Given records:
============================================================

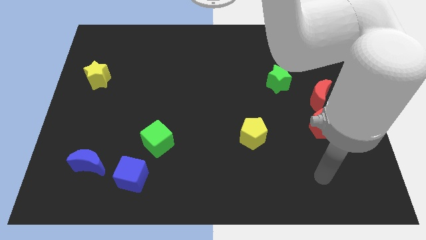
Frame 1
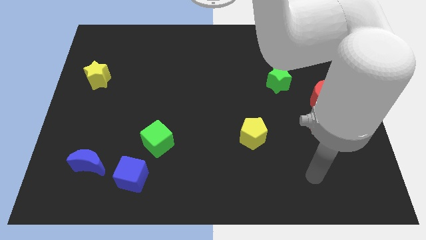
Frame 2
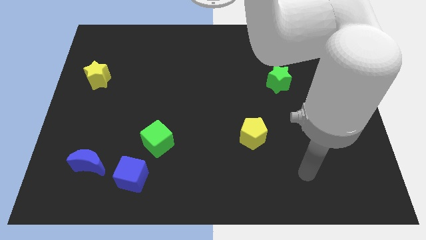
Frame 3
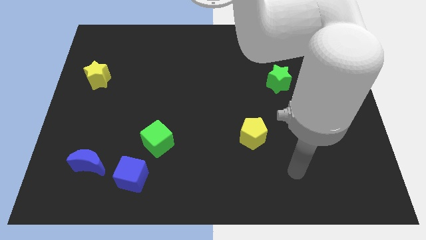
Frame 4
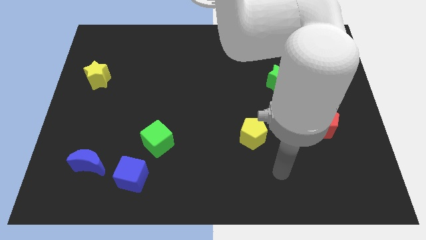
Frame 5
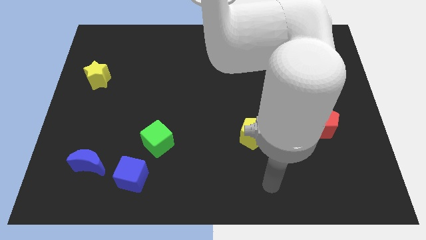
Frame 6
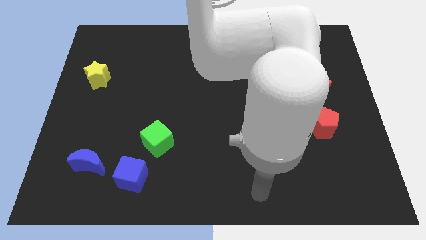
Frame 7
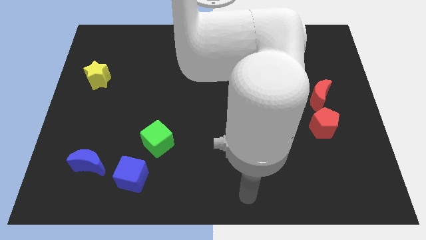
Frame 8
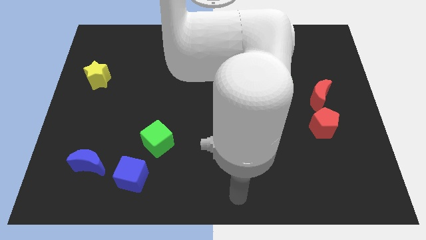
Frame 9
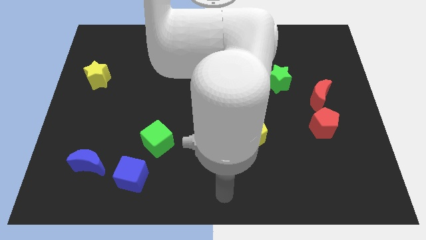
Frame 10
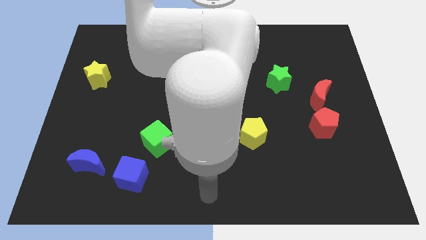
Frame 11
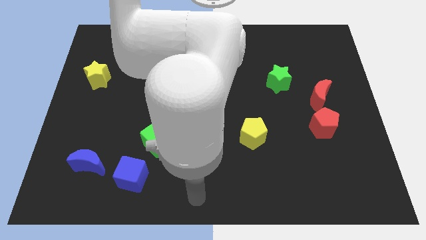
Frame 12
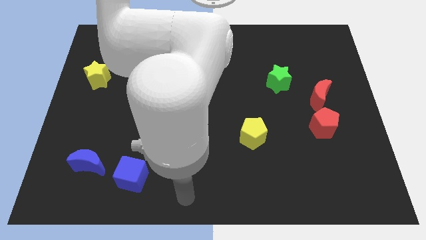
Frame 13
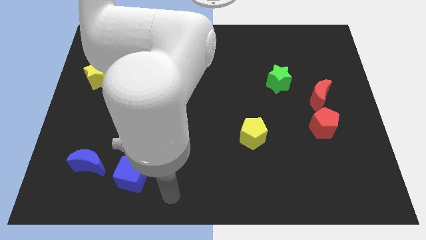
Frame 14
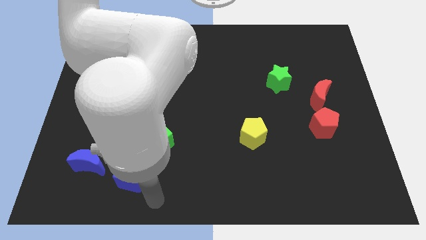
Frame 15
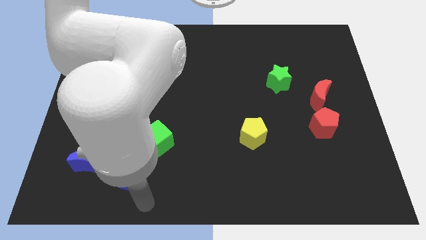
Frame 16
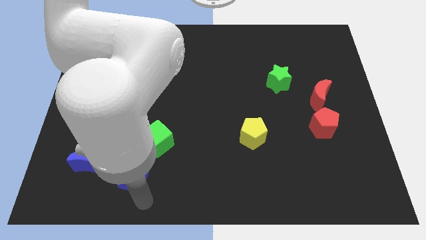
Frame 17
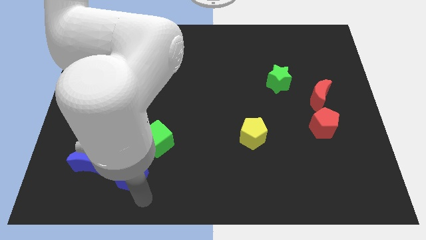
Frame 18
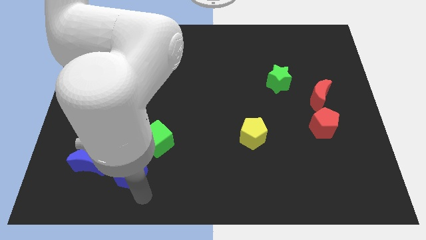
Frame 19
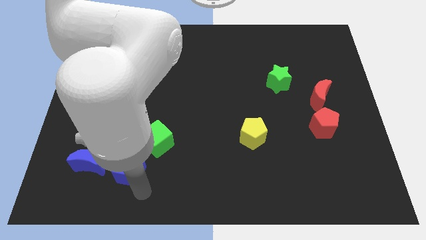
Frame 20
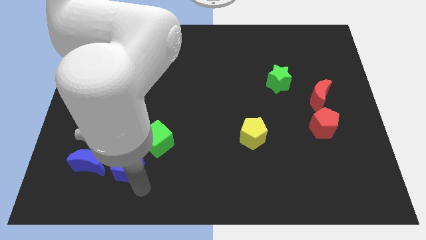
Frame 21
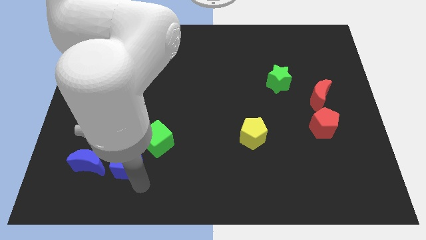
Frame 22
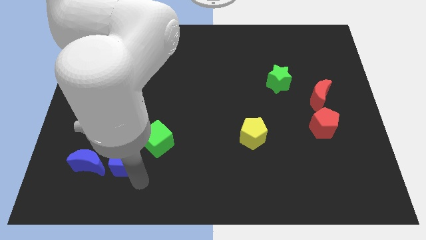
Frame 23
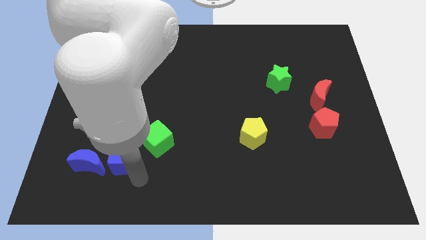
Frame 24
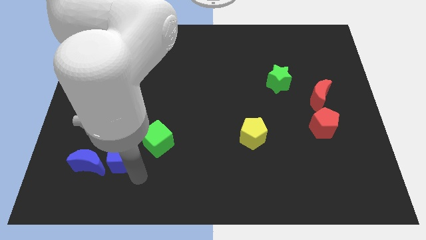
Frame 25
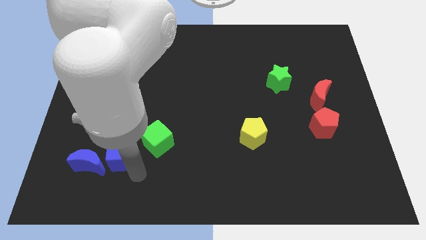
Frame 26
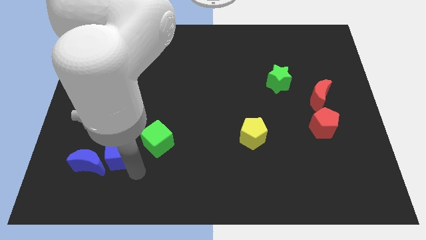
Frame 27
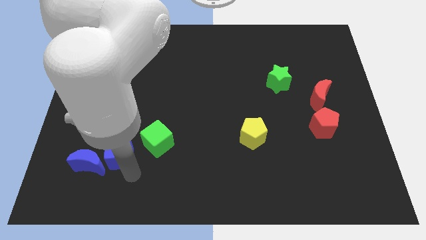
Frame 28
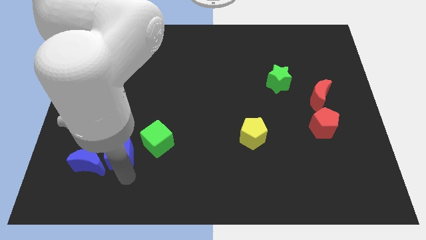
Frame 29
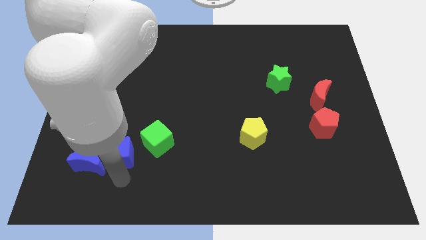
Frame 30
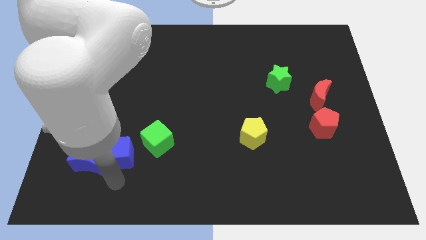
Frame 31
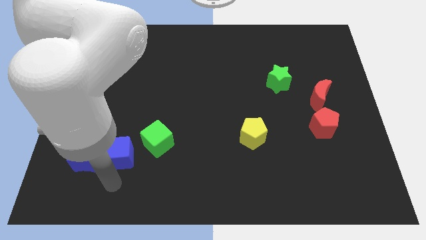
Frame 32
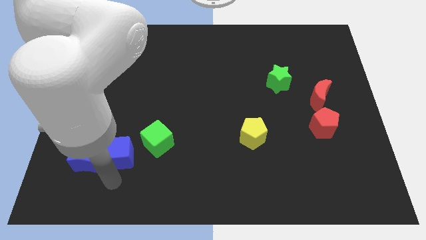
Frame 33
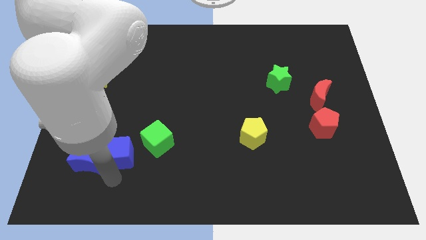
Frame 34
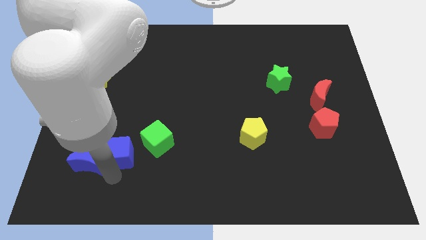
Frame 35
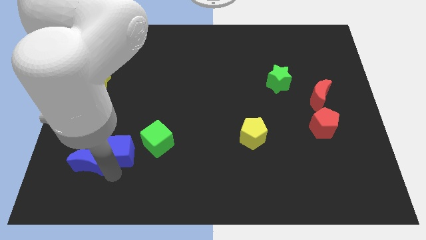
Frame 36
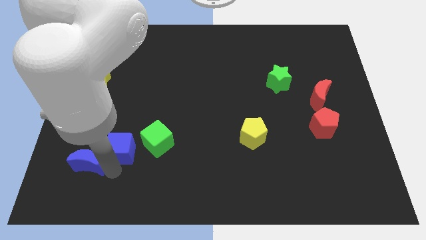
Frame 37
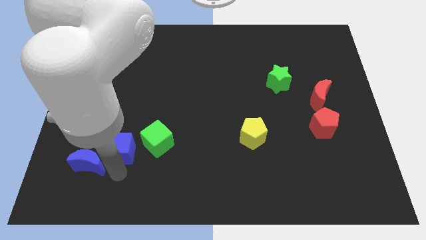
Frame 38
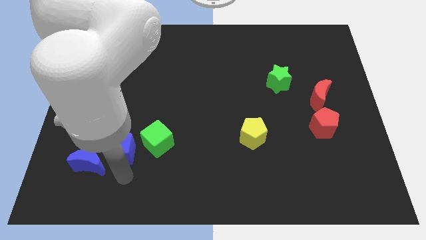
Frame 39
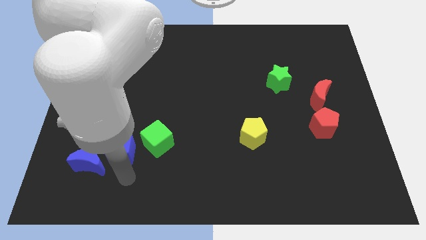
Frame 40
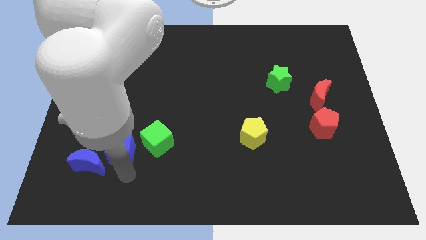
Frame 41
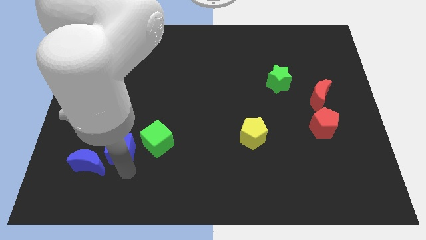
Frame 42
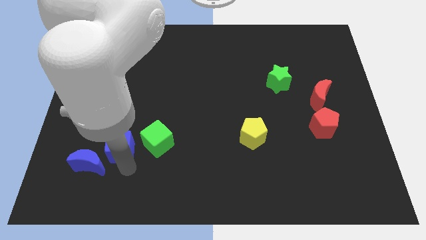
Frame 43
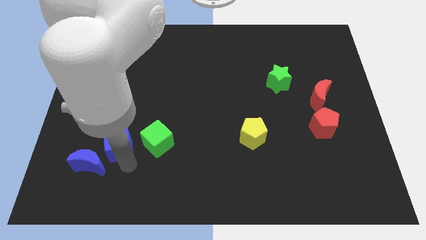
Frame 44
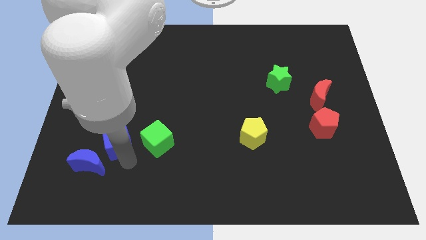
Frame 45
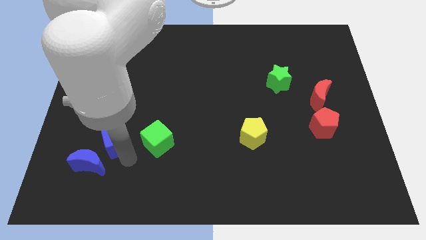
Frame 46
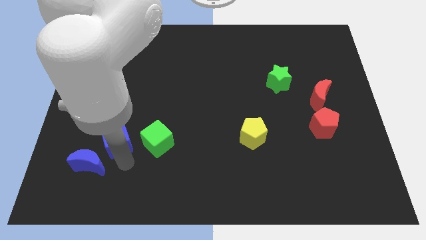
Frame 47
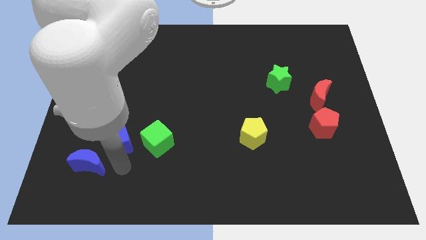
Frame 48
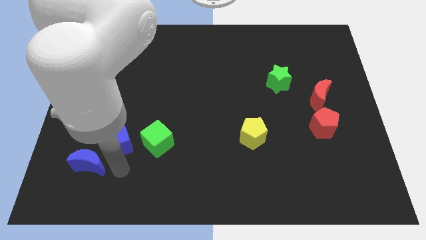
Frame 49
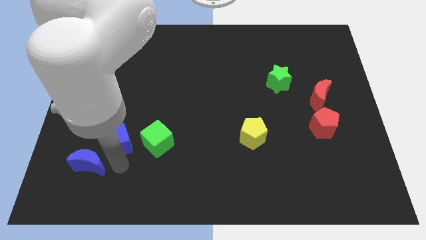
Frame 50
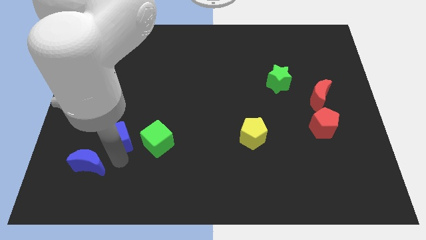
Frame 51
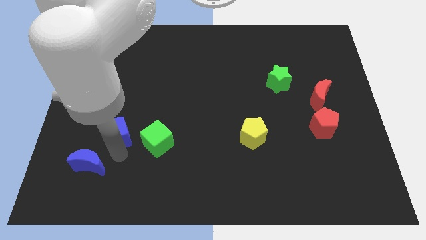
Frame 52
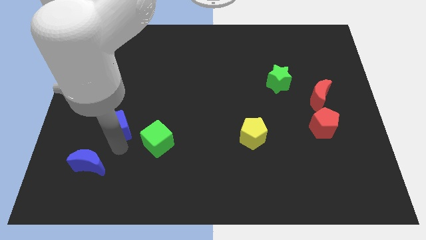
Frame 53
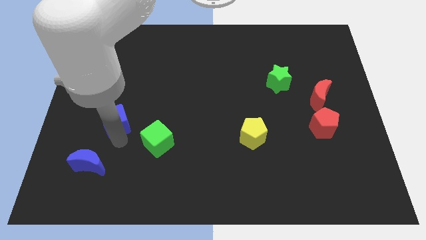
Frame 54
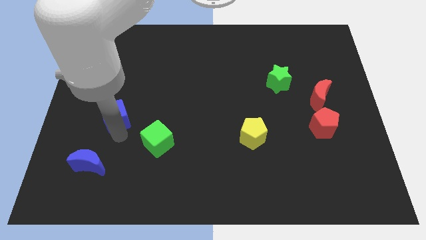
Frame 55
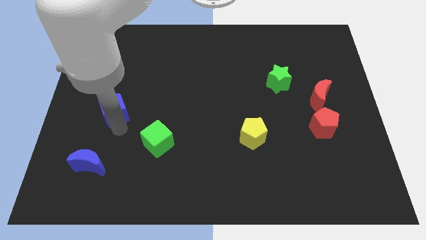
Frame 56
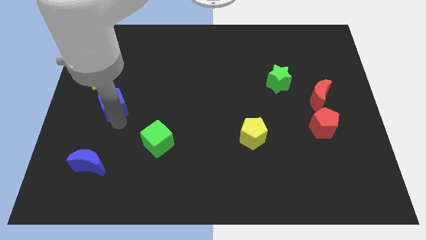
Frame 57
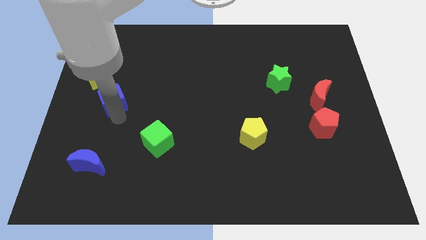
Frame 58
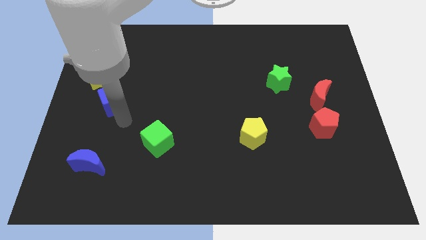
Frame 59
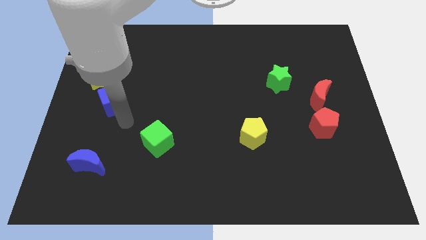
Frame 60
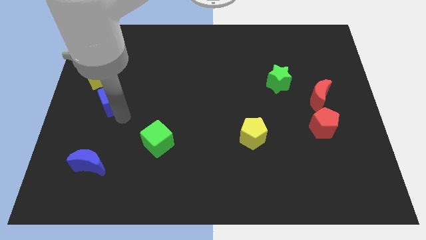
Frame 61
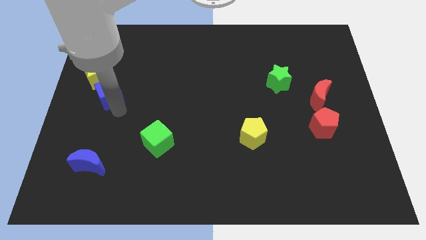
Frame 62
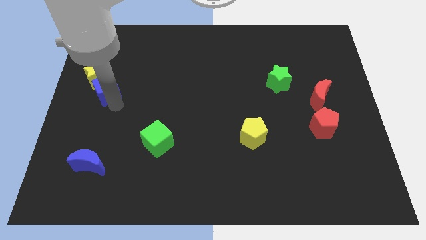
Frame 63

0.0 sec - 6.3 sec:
slide the blue cube next to the yellow star

============================================================

Description of the task:
Exact copy, pictures removed: set down the whole listing above.

Answer space:
Frame 1
Frame 2
Frame 3
Frame 4
Frame 5
Frame 6
Frame 7
Frame 8
Frame 9
Frame 10
Frame 11
Frame 12
Frame 13
Frame 14
Frame 15
Frame 16
Frame 17
Frame 18
Frame 19
Frame 20
Frame 21
Frame 22
Frame 23
Frame 24
Frame 25
Frame 26
Frame 27
Frame 28
Frame 29
Frame 30
Frame 31
Frame 32
Frame 33
Frame 34
Frame 35
Frame 36
Frame 37
Frame 38
Frame 39
Frame 40
Frame 41
Frame 42
Frame 43
Frame 44
Frame 45
Frame 46
Frame 47
Frame 48
Frame 49
Frame 50
Frame 51
Frame 52
Frame 53
Frame 54
Frame 55
Frame 56
Frame 57
Frame 58
Frame 59
Frame 60
Frame 61
Frame 62
Frame 63

0.0 sec - 6.3 sec:
slide the blue cube next to the yellow star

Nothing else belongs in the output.